To operate slide plate 162, plate 162 has a pair of radially outwardly projecting followers 166, 167 adjacent each end. Plate opening and closing cams 170, 171 respectively are provided on sides 68, 69 of developer housing 65 with the cam surfaces thereof in the path of movement of followers 166, 167. Cams 170, 171 are angularly separated from one another by a predetermined number of degrees to provide a preset duration during which slide plate 162 is moved to the open position to allow toner to be dispensed from tube 101.
In operation, as tube 101 of cartridge 100 rotates and toner discharge ports 160 approach a position in which the ports 160 face toward the interior of developer housing 65, follower 166 on plate 162 rides against the surface of cam 170. The interengagement of follower 166 with cam 170 drives or slides plate 162 sideways through a preset stroke to align the toner discharge openings 164 in plate 162 with toner discharge ports 160 in tube 101 and openings 135′ in tape 132. This allows fresh toner to fall from tube 101 through the matching ports 160 and openings 164, 135′ into developer housing 65 for a predetermined duration by the degree of angular offset between cams 170, 171. The continued rotation of tube 101 brings follower 167 on plate 162 into engagement with the surface of cam 171 to drive or slide plate 162 in the opposite direction. This moves the toner discharge openings 164 in plate 162 out of alignment with ports 160 and openings 135′, effectively closing ports 160 and terminating the dispensing of fresh toner from tube 101 of cartridge 100.

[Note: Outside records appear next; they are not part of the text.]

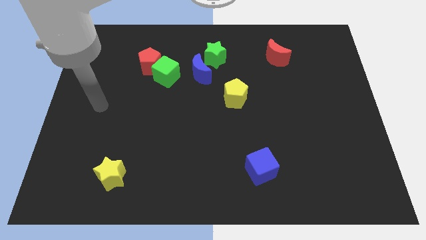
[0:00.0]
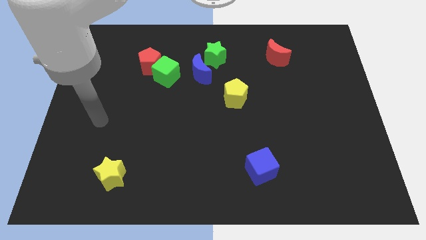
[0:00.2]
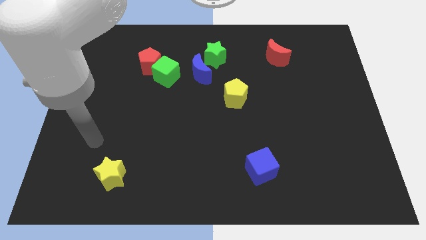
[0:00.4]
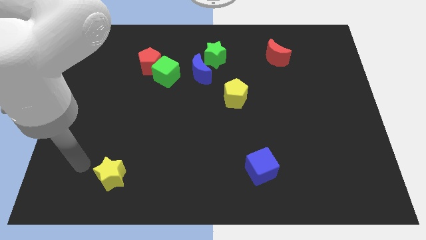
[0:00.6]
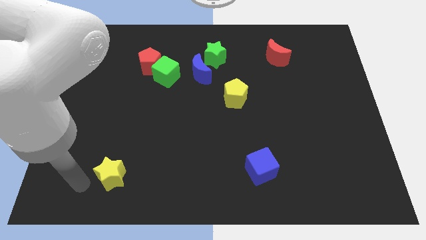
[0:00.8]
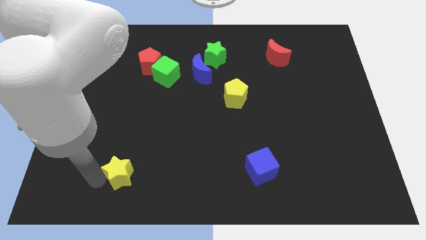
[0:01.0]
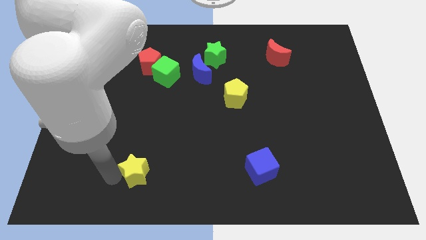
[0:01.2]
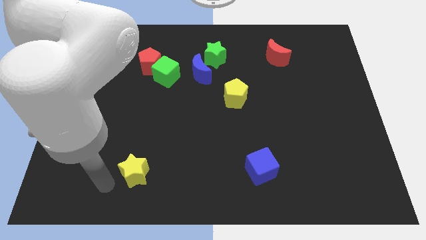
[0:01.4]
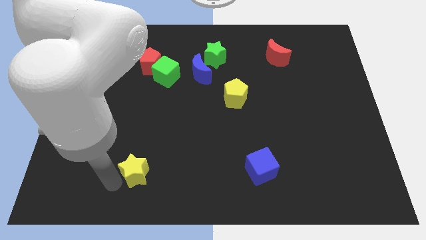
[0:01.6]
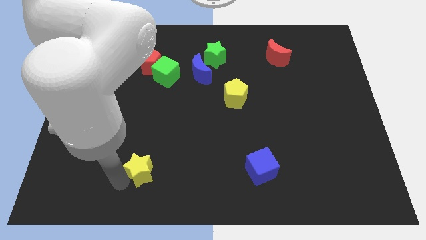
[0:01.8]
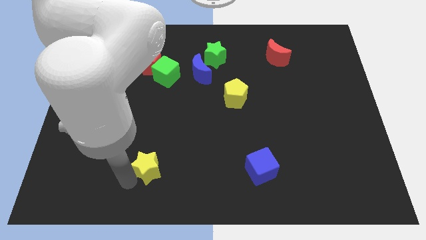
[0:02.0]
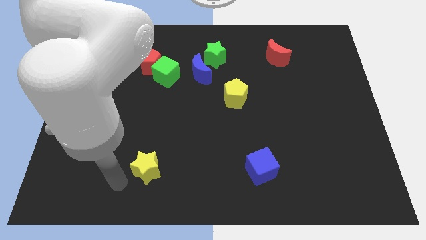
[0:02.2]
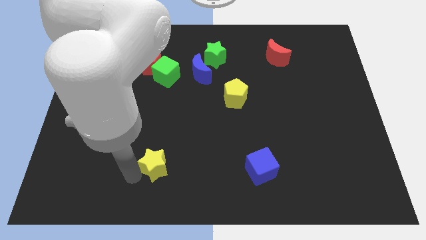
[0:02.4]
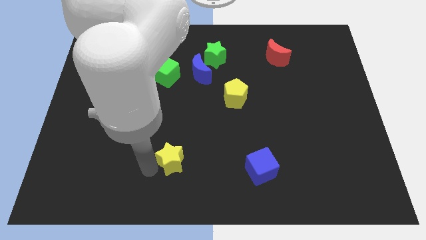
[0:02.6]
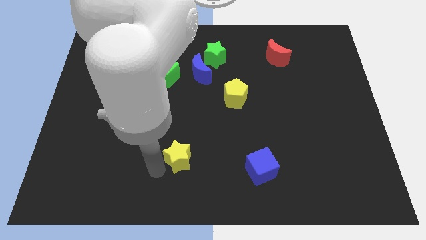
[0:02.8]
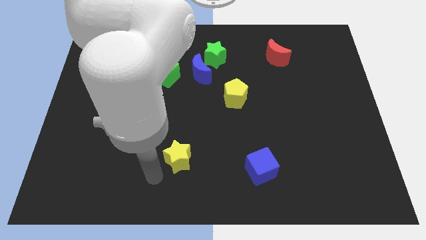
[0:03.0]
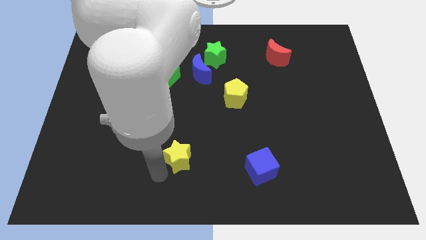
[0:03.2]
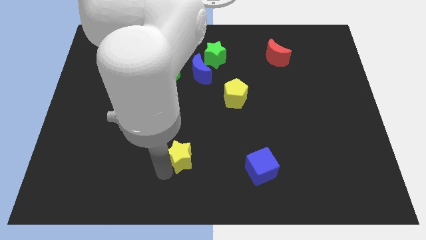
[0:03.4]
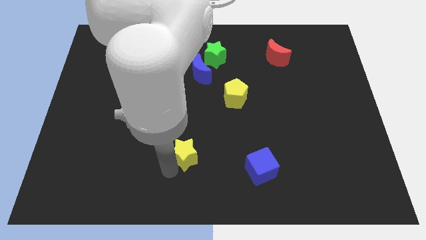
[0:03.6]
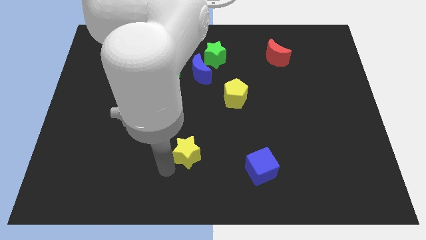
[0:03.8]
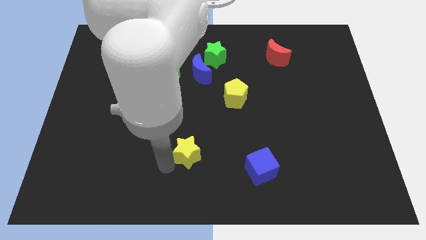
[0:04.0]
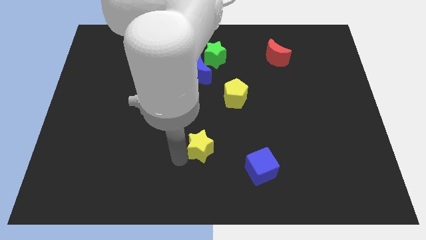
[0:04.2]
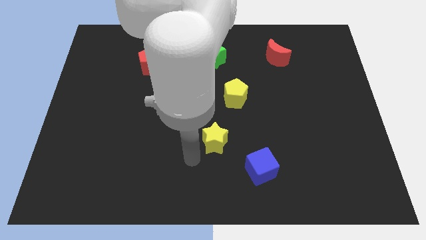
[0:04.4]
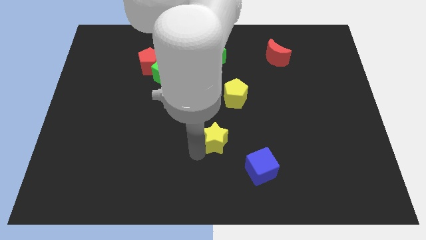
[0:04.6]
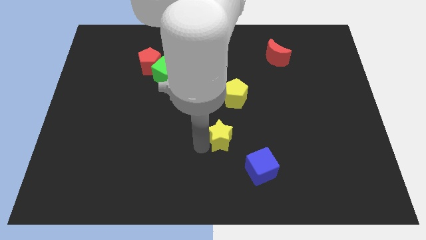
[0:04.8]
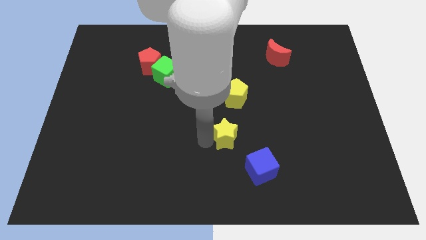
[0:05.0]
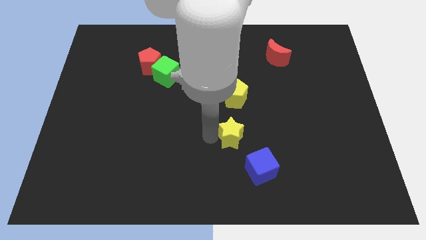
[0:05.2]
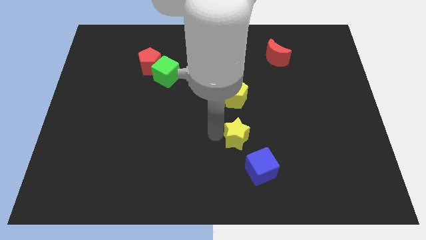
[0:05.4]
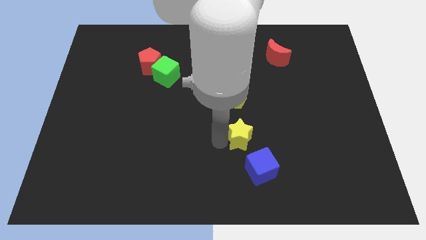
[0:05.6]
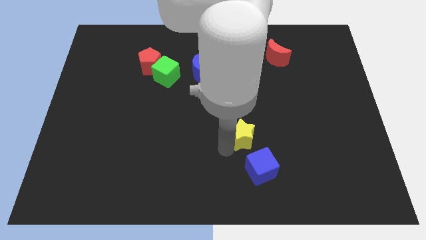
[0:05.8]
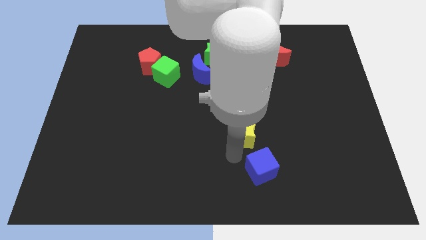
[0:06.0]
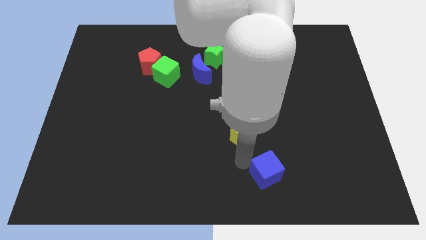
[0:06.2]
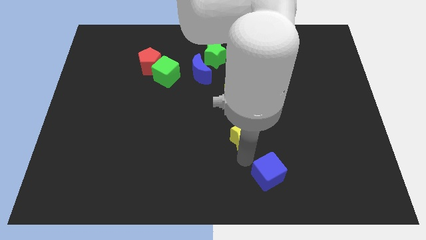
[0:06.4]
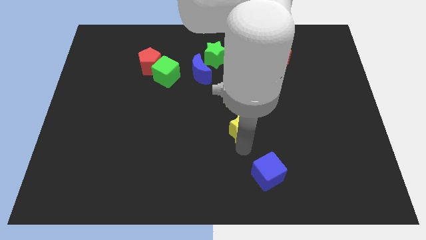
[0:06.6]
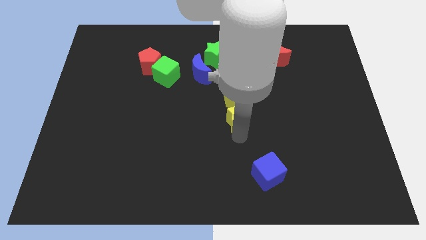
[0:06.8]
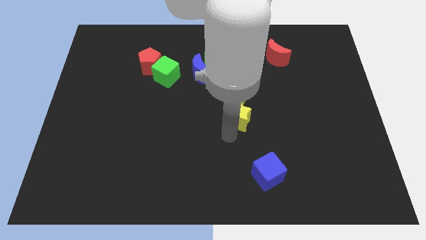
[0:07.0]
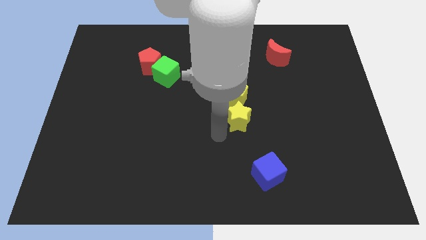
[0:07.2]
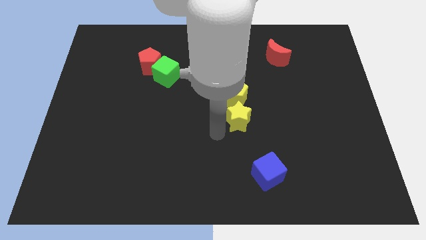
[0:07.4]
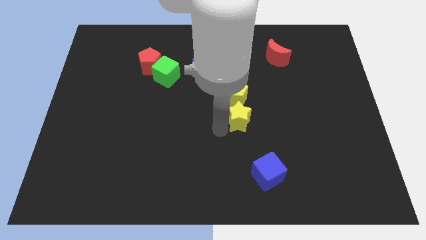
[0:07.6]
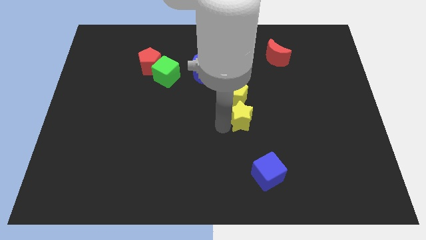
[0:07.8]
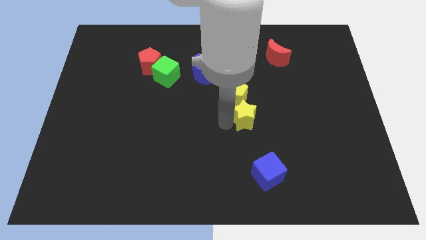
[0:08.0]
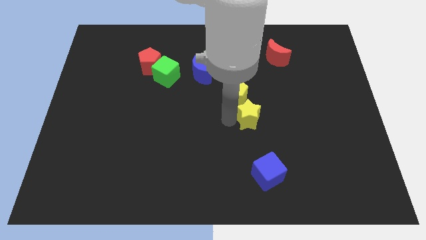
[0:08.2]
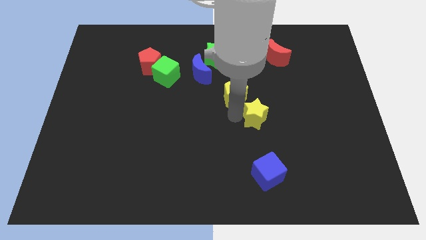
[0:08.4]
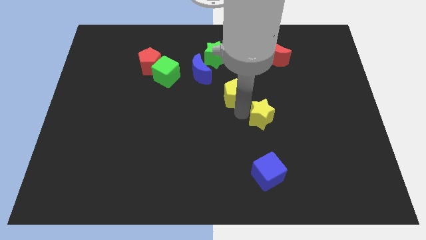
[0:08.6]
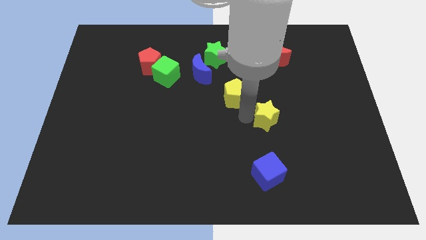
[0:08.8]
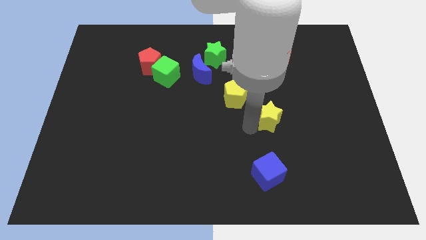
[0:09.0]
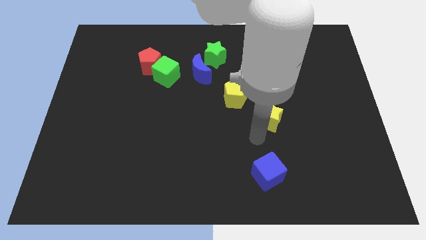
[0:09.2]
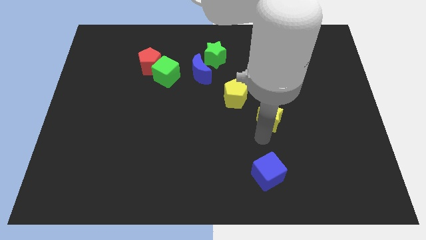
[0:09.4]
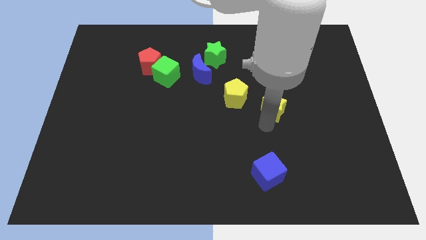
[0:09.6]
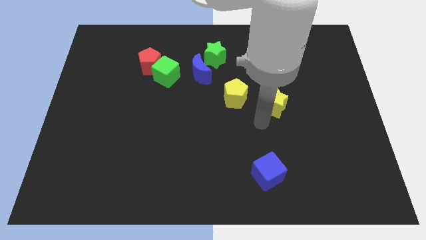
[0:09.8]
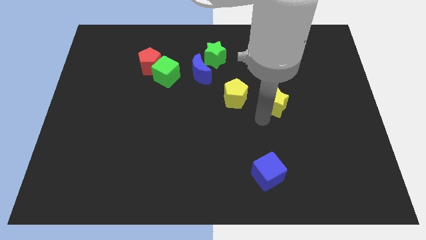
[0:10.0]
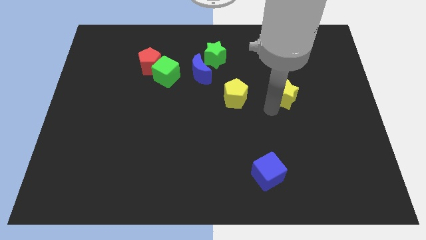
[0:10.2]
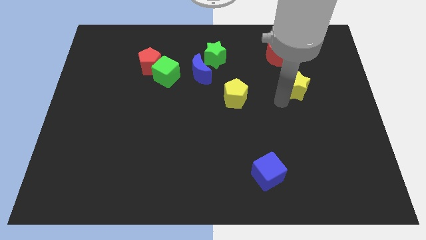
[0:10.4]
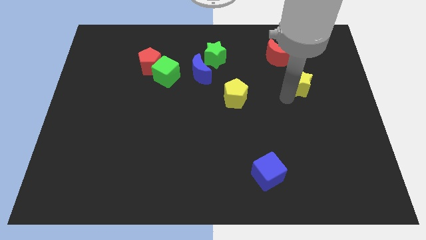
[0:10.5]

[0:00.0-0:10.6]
move the yellow star to the bottom right side of the red moon

Referring particularly to Figures 2 and 5, to close off the generally rectangular area between photoreceptor 14 and toner cartridge 100, yet permit pressure that develops within housing 65 during operation of machine 8 to be relieved, a removable cover or shroud 210 is provided. Shroud 210 is generally rectangular in shape and has, when viewed in cross section a generally U-shape with upstanding sides 211, 212. To prevent or at least inhibit material such as toner dust, dirt, etc. from passing between the surface 16 of photoreceptor 14 and side 211 of shroud 210, side 211 is spaced closely adjacent the surface 16 of photoreceptor 14. For this purpose, side 211 is curved with a radius of curvature substantially the same as the radius of curvature of surface 16. Side 212 of shroud 210 engages and interlocks with a removable cover 213 encasing the upper part of cartridge 100, cover 213 extending from the side 212 of shroud 210 to the outside wall of developer housing 65. Side 212 of shroud 210 and cover 213 are curved with a radius of curvature substantially the same as the radius of curvature of cartridge 100.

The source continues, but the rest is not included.